Standley Daron M, Toh Hiroyuki, Nakamura Haruki
Research Center for Structural and Functional Proteomics, Institute for Protein Research, Osaka University, 3-2 Yamadaoka, Suita, Osaka 565-0871, Japan.
Proteins. 2008 Sep;72(4):1333-51. doi: 10.1002/prot.22015.
A method to functionally annotate structural genomics targets, based on a novel structural alignment scoring function, is proposed. In the proposed score, position-specific scoring matrices are used to weight structurally aligned residue pairs to highlight evolutionarily conserved motifs. The functional form of the score is first optimized for discriminating domains belonging to the same Pfam family from domains belonging to different families but the same CATH or SCOP superfamily. In the optimization stage, we consider four standard weighting functions as well as our own, the "maximum substitution probability," and combinations of these functions. The optimized score achieves an area of 0.87 under the receiver-operating characteristic curve with respect to identifying Pfam families within a sequence-unique benchmark set of domain pairs.

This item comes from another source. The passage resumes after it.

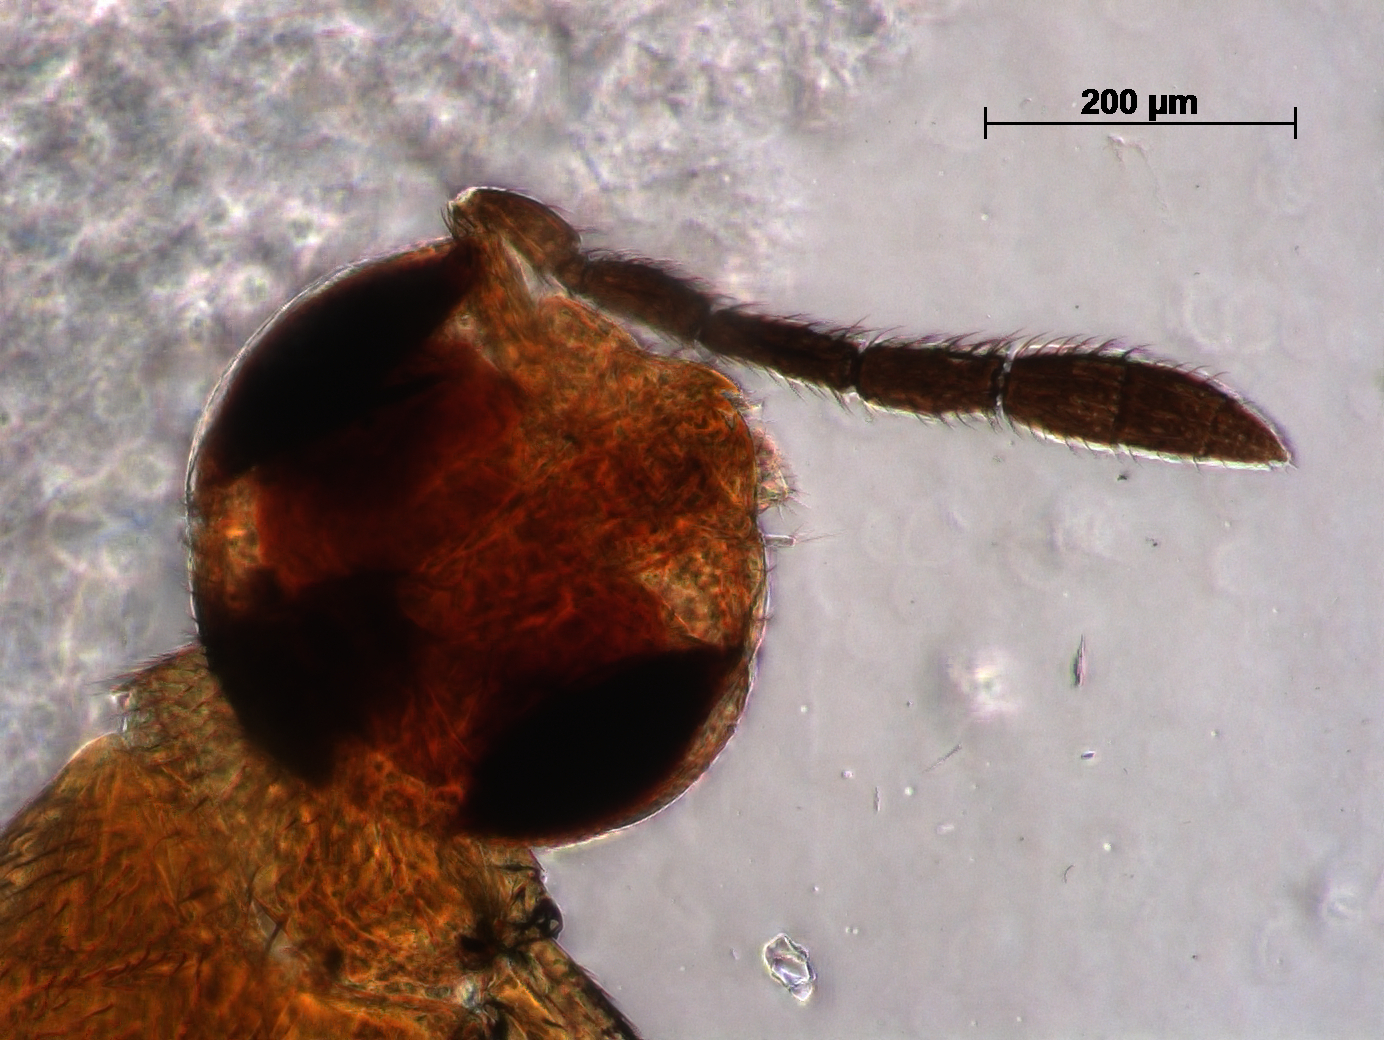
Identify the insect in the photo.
Elasmus punensis

Confidence measures are then derived from the benchmark distribution of true-positive scores. The alignment method is next applied to the task of functionally annotating 230 query proteins released to the public as part of the Protein 3000 structural genomics project in Japan. Of these queries, 78 were found to align to templates with the same Pfam family as the query or had sequence identities > or = 30%. Another 49 queries were found to match more distantly related templates. Within this group, the template predicted by our method to be the closest functional relative was often not the most structurally similar. Several nontrivial cases are discussed in detail. Finally, 103 queries matched templates at the fold level, but not the family or superfamily level, and remain functionally uncharacterized.

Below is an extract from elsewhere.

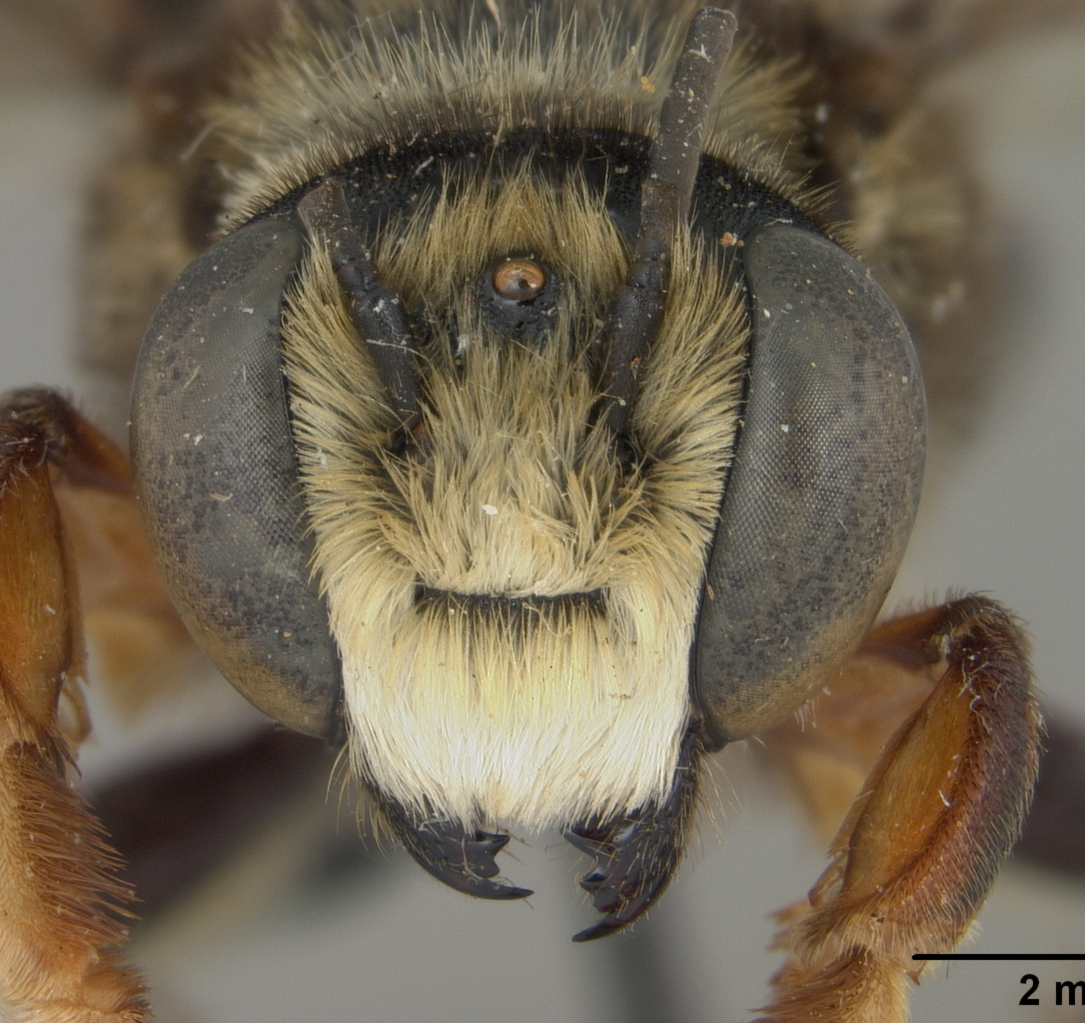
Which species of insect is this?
Megachile floridensis

提出了一种基于新型结构比对评分函数对结构基因组学靶点进行功能注释的方法。在所提出的评分中,使用位置特异性评分矩阵对结构比对的残基对进行加权,以突出进化上保守的基序。评分的函数形式首先针对区分属于同一Pfam家族的结构域与属于不同家族但属于同一CATH或SCOP超家族的结构域进行优化。在优化阶段,我们考虑了四个标准加权函数以及我们自己的“最大替换概率”函数,以及这些函数的组合。在识别结构域对的序列唯一基准集中的Pfam家族方面,优化后的评分在接收者操作特征曲线下的面积达到了0.87。然后从真阳性评分的基准分布中得出置信度度量。接下来,将比对方法应用于对作为日本蛋白质3000结构基因组学项目一部分向公众发布的230个查询蛋白进行功能注释的任务。在这些查询中,发现78个与具有与查询相同Pfam家族的模板比对,或者序列同一性≥30%。另外49个查询被发现与关系更远的模板匹配。在这一组中,我们的方法预测为最接近功能相关的模板通常不是结构上最相似的。详细讨论了几个重要的案例。最后,103个查询在折叠水平上与模板匹配,但在家族或超家族水平上不匹配,并且在功能上仍然未得到表征。